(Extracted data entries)
"""
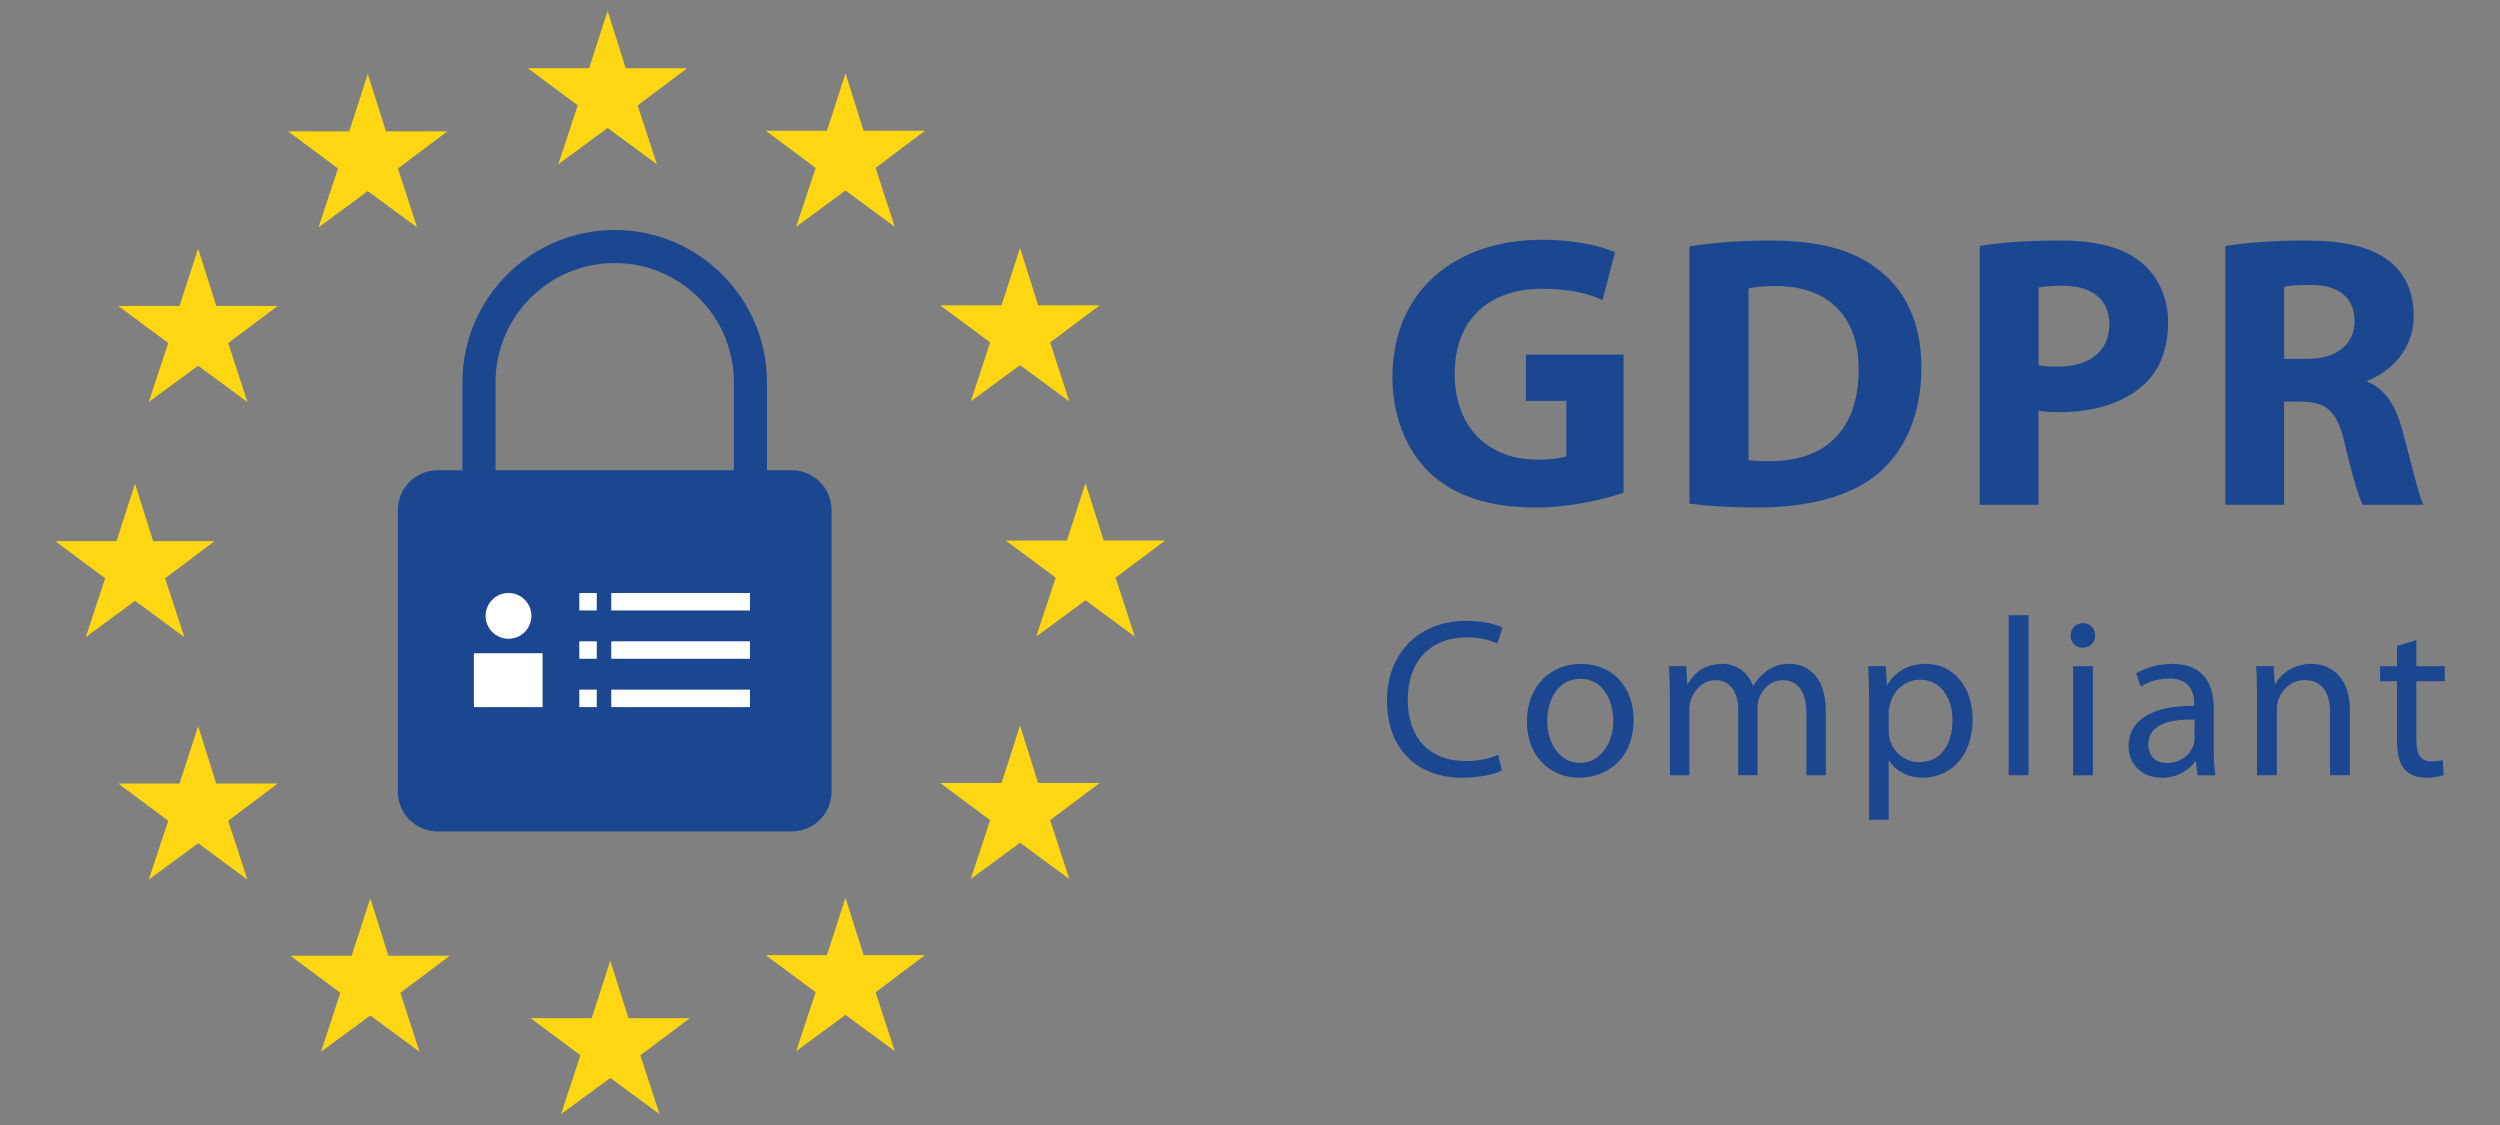 <?xml version="1.0" encoding="utf-8"?>
<!-- Generator: Adobe Illustrator 14.0.0, SVG Export Plug-In . SVG Version: 6.00 Build 43363)  -->
<!DOCTYPE svg PUBLIC "-//W3C//DTD SVG 1.1//EN" "http://www.w3.org/Graphics/SVG/1.1/DTD/svg11.dtd">
<svg version="1.1" id="Layer_1" xmlns="http://www.w3.org/2000/svg" xmlns:xlink="http://www.w3.org/1999/xlink" x="0px" y="0px"
	 width="100px" height="45px" viewBox="0 0 100 45" enable-background="new 0 0 100 45" xml:space="preserve">
<rect x="0" y="0" width="100" height="45" fill="#808080" stroke="none"/>
<g>
	<path fill="#1A4790" d="M31.672,18.811h-0.993V15.29c0-3.357-2.732-6.09-6.091-6.09s-6.091,2.732-6.091,6.09v3.521h-0.994
		c-0.876,0-1.588,0.711-1.588,1.589v11.267c0,0.878,0.712,1.59,1.588,1.59h14.169c0.878,0,1.589-0.712,1.589-1.59V20.399
		C33.261,19.521,32.55,18.811,31.672,18.811z M19.821,15.289c0-2.628,2.138-4.767,4.767-4.767s4.767,2.139,4.767,4.767v3.521h-9.533
		L19.821,15.289L19.821,15.289z"/>
	<g>
		<g>
			<path fill="#FED612" d="M24.258,22.938"/>
			<polyline fill="#FED612" points="25.029,2.729 27.487,2.729 25.506,4.214 26.277,6.57 24.305,5.119 22.333,6.57 23.109,4.214 
				21.113,2.729 23.562,2.729 24.305,0.434 25.029,2.729 			"/>
			<polyline fill="#FED612" points="25.137,40.725 27.596,40.725 25.613,42.212 26.383,44.566 24.412,43.115 22.441,44.566 
				23.217,42.212 21.221,40.725 23.67,40.725 24.412,38.43 25.137,40.725 			"/>
			<polyline fill="#FED612" points="34.544,38.204 37.001,38.204 35.023,39.691 35.791,42.045 33.82,40.596 31.847,42.045 
				32.626,39.691 30.627,38.204 33.077,38.204 33.82,35.91 34.544,38.204 			"/>
			<polyline fill="#FED612" points="34.544,5.229 37.001,5.229 35.023,6.716 35.791,9.071 33.82,7.621 31.847,9.071 32.626,6.716 
				30.627,5.229 33.077,5.229 33.82,2.935 34.544,5.229 			"/>
			<polyline fill="#FED612" points="41.526,12.213 43.985,12.213 42.006,13.698 42.772,16.054 40.802,14.605 38.831,16.054 
				39.606,13.698 37.61,12.213 40.06,12.213 40.802,9.919 41.526,12.213 			"/>
			<polyline fill="#FED612" points="41.526,31.32 43.985,31.32 42.006,32.805 42.772,35.159 40.802,33.709 38.831,35.159 
				39.606,32.805 37.61,31.32 40.06,31.32 40.802,29.023 41.526,31.32 			"/>
			<polyline fill="#FED612" points="44.146,21.621 46.605,21.621 44.624,23.105 45.392,25.462 43.419,24.012 41.45,25.462 
				42.228,23.105 40.228,21.621 42.679,21.621 43.419,19.324 44.146,21.621 			"/>
			<polyline fill="#FED612" points="15.438,5.253 17.896,5.253 15.917,6.739 16.683,9.095 14.712,7.644 12.741,9.095 13.519,6.739 
				11.521,5.253 13.97,5.253 14.712,2.959 15.438,5.253 			"/>
			<polyline fill="#FED612" points="8.65,12.238 11.108,12.238 9.128,13.721 9.896,16.079 7.925,14.629 5.951,16.079 6.729,13.721 
				4.731,12.238 7.182,12.238 7.925,9.942 8.65,12.238 			"/>
			<polyline fill="#FED612" points="6.127,21.645 8.585,21.645 6.605,23.131 7.374,25.484 5.402,24.034 3.43,25.484 4.207,23.131 
				2.21,21.645 4.659,21.645 5.402,19.349 6.127,21.645 			"/>
			<polyline fill="#FED612" points="8.65,31.342 11.108,31.342 9.128,32.83 9.896,35.184 7.925,33.73 5.951,35.184 6.729,32.83 
				4.731,31.342 7.182,31.342 7.925,29.047 8.65,31.342 			"/>
			<polyline fill="#FED612" points="15.536,38.229 17.993,38.229 16.015,39.714 16.781,42.07 14.812,40.619 12.839,42.07 
				13.614,39.714 11.617,38.229 14.066,38.229 14.812,35.934 15.536,38.229 			"/>
		</g>
	</g>
	<circle fill="#FFFFFF" cx="20.34" cy="24.635" r="0.916"/>
	<rect x="23.172" y="23.721" fill="#FFFFFF" width="0.699" height="0.698"/>
	<rect x="24.451" y="23.721" fill="#FFFFFF" width="5.548" height="0.698"/>
	<rect x="23.172" y="25.652" fill="#FFFFFF" width="0.699" height="0.699"/>
	<rect x="24.451" y="25.652" fill="#FFFFFF" width="5.548" height="0.699"/>
	<rect x="23.172" y="27.585" fill="#FFFFFF" width="0.699" height="0.699"/>
	<rect x="24.451" y="27.585" fill="#FFFFFF" width="5.548" height="0.699"/>
	<rect x="18.956" y="26.13" fill="#FFFFFF" width="2.748" height="2.154"/>
	<g>
		<path fill="#1A4790" d="M64.945,19.708c-0.73,0.25-2.116,0.593-3.502,0.593c-1.916,0-3.301-0.483-4.267-1.401
			c-0.948-0.919-1.479-2.288-1.479-3.83c0.016-3.487,2.554-5.479,5.994-5.479c1.354,0,2.396,0.265,2.91,0.498l-0.498,1.915
			c-0.576-0.266-1.275-0.452-2.43-0.452c-1.977,0-3.484,1.104-3.484,3.395c0,2.179,1.367,3.439,3.314,3.439
			c0.528,0,0.965-0.063,1.15-0.139v-2.212h-1.617v-1.852h3.906v5.525H64.945z"/>
		<path fill="#1A4790" d="M67.578,9.854c0.871-0.14,2.007-0.234,3.191-0.234c2.006,0,3.314,0.374,4.312,1.121
			c1.089,0.81,1.774,2.102,1.774,3.954c0,2.009-0.731,3.394-1.729,4.25c-1.104,0.919-2.802,1.355-4.856,1.355
			c-1.229,0-2.117-0.079-2.691-0.155V9.854z M69.943,18.401c0.201,0.046,0.545,0.046,0.826,0.046
			c2.162,0.016,3.578-1.168,3.578-3.674c0-2.179-1.277-3.332-3.33-3.332c-0.516,0-0.873,0.048-1.074,0.095V18.401z"/>
		<path fill="#1A4790" d="M79.189,9.839c0.731-0.124,1.761-0.219,3.207-0.219c1.465,0,2.508,0.281,3.207,0.842
			c0.687,0.529,1.121,1.4,1.121,2.429c0,1.027-0.326,1.914-0.965,2.49c-0.81,0.747-2.009,1.105-3.41,1.105
			c-0.311,0-0.591-0.016-0.809-0.062v3.767h-2.352V9.839L79.189,9.839z M81.542,14.603c0.201,0.047,0.437,0.063,0.793,0.063
			c1.263,0,2.039-0.639,2.039-1.698c0-0.964-0.668-1.54-1.868-1.54c-0.466,0-0.793,0.031-0.964,0.077V14.603z"/>
		<path fill="#1A4790" d="M89.016,9.839c0.762-0.124,1.883-0.219,3.159-0.219c1.558,0,2.646,0.234,3.394,0.825
			c0.639,0.499,0.98,1.246,0.98,2.211c0,1.324-0.949,2.242-1.854,2.568v0.047c0.731,0.296,1.138,0.981,1.402,1.945
			c0.326,1.199,0.639,2.569,0.84,2.975h-2.429c-0.155-0.312-0.421-1.151-0.716-2.445c-0.297-1.321-0.748-1.664-1.729-1.681h-0.701
			v4.126h-2.35V9.839H89.016z M91.363,14.354h0.936c1.184,0,1.885-0.591,1.885-1.511c0-0.949-0.654-1.447-1.744-1.447
			c-0.576,0-0.902,0.031-1.074,0.078v2.88H91.363z"/>
		<path fill="#1A4790" d="M60.077,30.82c-0.28,0.146-0.866,0.289-1.604,0.289c-1.714,0-2.994-1.082-2.994-3.084
			c0-1.912,1.291-3.191,3.174-3.191c0.748,0,1.236,0.162,1.443,0.271l-0.199,0.64c-0.287-0.144-0.711-0.252-1.215-0.252
			c-1.428,0-2.373,0.911-2.373,2.507c0,1.497,0.856,2.443,2.326,2.443c0.485,0,0.975-0.1,1.288-0.252L60.077,30.82z"/>
		<path fill="#1A4790" d="M65.343,28.792c0,1.614-1.127,2.317-2.174,2.317c-1.171,0-2.092-0.866-2.092-2.246
			c0-1.451,0.965-2.309,2.164-2.309C64.494,26.557,65.343,27.466,65.343,28.792z M61.889,28.837c0,0.957,0.541,1.679,1.317,1.679
			c0.757,0,1.325-0.713,1.325-1.695c0-0.739-0.37-1.668-1.309-1.668C62.296,27.152,61.889,28.018,61.889,28.837z"/>
		<path fill="#1A4790" d="M66.794,27.828c0-0.461-0.019-0.821-0.036-1.182h0.694l0.036,0.711h0.025
			c0.244-0.414,0.65-0.803,1.381-0.803c0.586,0,1.035,0.36,1.226,0.875h0.019c0.137-0.252,0.316-0.433,0.496-0.566
			c0.262-0.199,0.541-0.309,0.955-0.309c0.587,0,1.443,0.381,1.443,1.895v2.563h-0.775v-2.463c0-0.847-0.316-1.343-0.947-1.343
			c-0.459,0-0.802,0.332-0.945,0.712c-0.035,0.116-0.063,0.253-0.063,0.396v2.695h-0.774v-2.615c0-0.692-0.309-1.188-0.911-1.188
			c-0.487,0-0.856,0.396-0.982,0.793c-0.046,0.106-0.063,0.252-0.063,0.388v2.625h-0.774v-3.184H66.794z"/>
		<path fill="#1A4790" d="M74.764,28.07c0-0.559-0.019-1.01-0.035-1.424h0.703l0.045,0.748h0.019c0.315-0.531,0.839-0.84,1.551-0.84
			c1.063,0,1.858,0.895,1.858,2.209c0,1.569-0.967,2.346-1.992,2.346c-0.578,0-1.084-0.254-1.346-0.686h-0.019v2.37h-0.784V28.07z
			 M75.548,29.232c0,0.117,0.009,0.227,0.038,0.324c0.143,0.551,0.621,0.93,1.188,0.93c0.84,0,1.326-0.686,1.326-1.686
			c0-0.867-0.461-1.613-1.3-1.613c-0.54,0-1.055,0.377-1.198,0.974c-0.026,0.101-0.055,0.217-0.055,0.315L75.548,29.232
			L75.548,29.232z"/>
		<path fill="#1A4790" d="M80.346,24.609h0.793v6.4h-0.793V24.609z"/>
		<path fill="#1A4790" d="M83.807,25.42c0,0.271-0.188,0.486-0.504,0.486c-0.289,0-0.479-0.217-0.479-0.486s0.197-0.495,0.494-0.495
			C83.607,24.925,83.807,25.143,83.807,25.42z M82.923,31.012v-4.365h0.794v4.365H82.923z"/>
		<path fill="#1A4790" d="M88.55,29.965c0,0.379,0.019,0.749,0.063,1.047h-0.711l-0.064-0.553h-0.027
			c-0.242,0.344-0.711,0.65-1.334,0.65c-0.884,0-1.334-0.623-1.334-1.254c0-1.055,0.938-1.631,2.623-1.623v-0.09
			c0-0.352-0.1-1.011-0.992-1c-0.414,0-0.836,0.116-1.146,0.322l-0.181-0.529c0.363-0.227,0.894-0.381,1.443-0.381
			c1.334,0,1.659,0.91,1.659,1.777V29.965z M87.783,28.783c-0.865-0.02-1.848,0.135-1.848,0.982c0,0.522,0.342,0.758,0.737,0.758
			c0.577,0,0.946-0.36,1.073-0.729c0.027-0.091,0.036-0.181,0.036-0.253L87.783,28.783L87.783,28.783z"/>
		<path fill="#1A4790" d="M90.279,27.828c0-0.461-0.008-0.821-0.034-1.182h0.702l0.046,0.721h0.017
			c0.217-0.405,0.723-0.813,1.443-0.813c0.604,0,1.542,0.36,1.542,1.857v2.598h-0.793v-2.516c0-0.703-0.263-1.289-1.011-1.289
			c-0.515,0-0.92,0.37-1.064,0.811c-0.034,0.101-0.053,0.234-0.053,0.371v2.623h-0.795V27.828z"/>
		<path fill="#1A4790" d="M96.654,25.602v1.045h1.136v0.604h-1.136v2.353c0,0.541,0.152,0.849,0.596,0.849
			c0.216,0,0.342-0.019,0.46-0.054l0.036,0.604c-0.154,0.055-0.396,0.107-0.704,0.107c-0.37,0-0.666-0.127-0.856-0.334
			c-0.217-0.242-0.306-0.631-0.306-1.146v-2.379h-0.677v-0.604h0.677v-0.812L96.654,25.602z"/>
	</g>
</g>
</svg>
"""
Goal of the exercise
If a line in the entries holds the word "rect", count it. Report the total only.

Answer box
8